___ Data for review ___

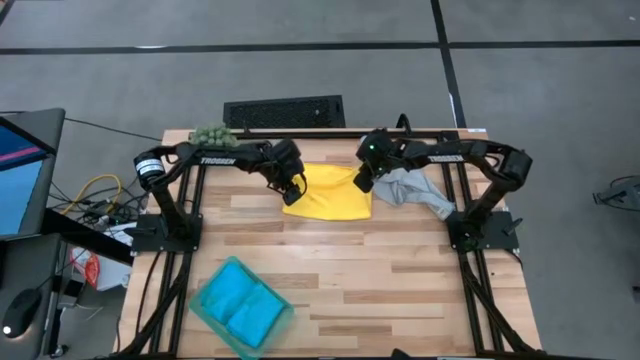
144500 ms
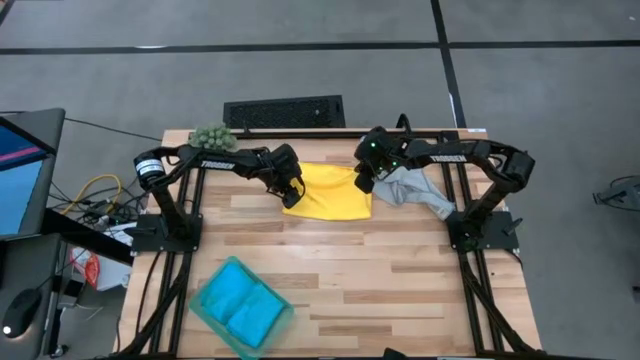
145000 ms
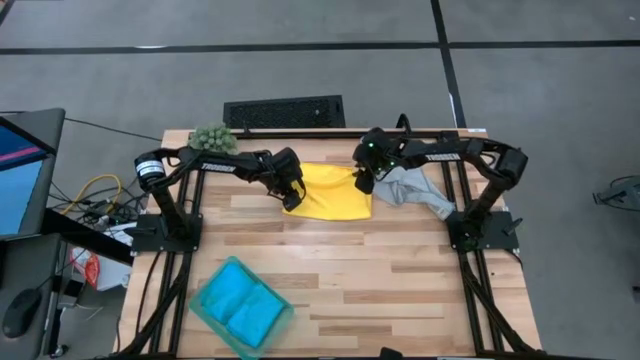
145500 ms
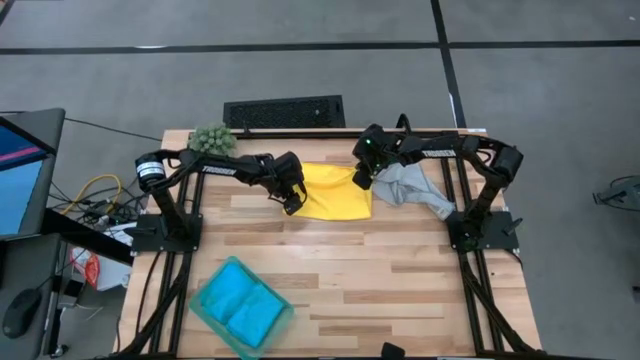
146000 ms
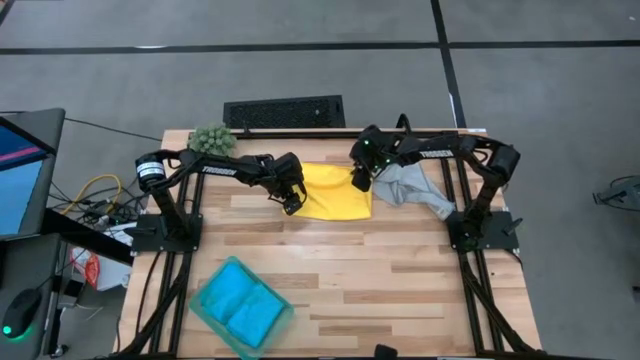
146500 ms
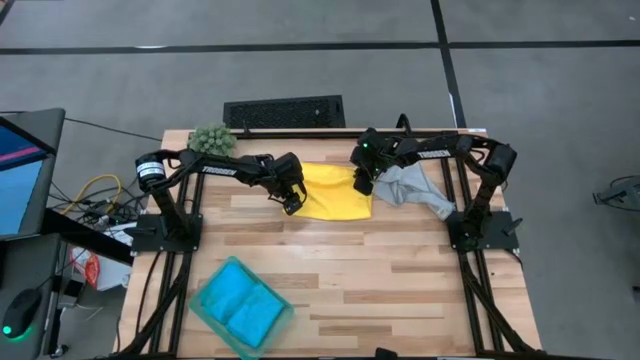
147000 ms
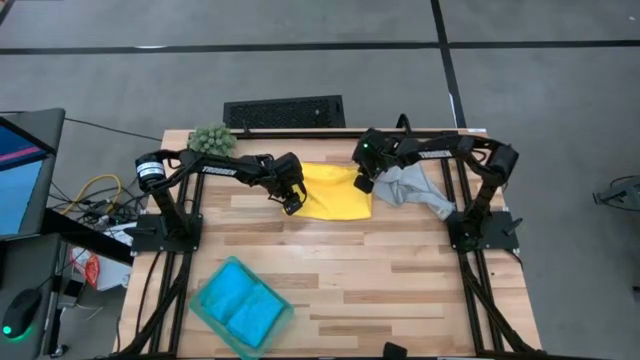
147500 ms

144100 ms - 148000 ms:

___

• [Problem requirements]
Every entry is to be reproduced word for word, and no image is carried over.

• [Your response]
144500 ms
145000 ms
145500 ms
146000 ms
146500 ms
147000 ms
147500 ms

144100 ms - 148000 ms:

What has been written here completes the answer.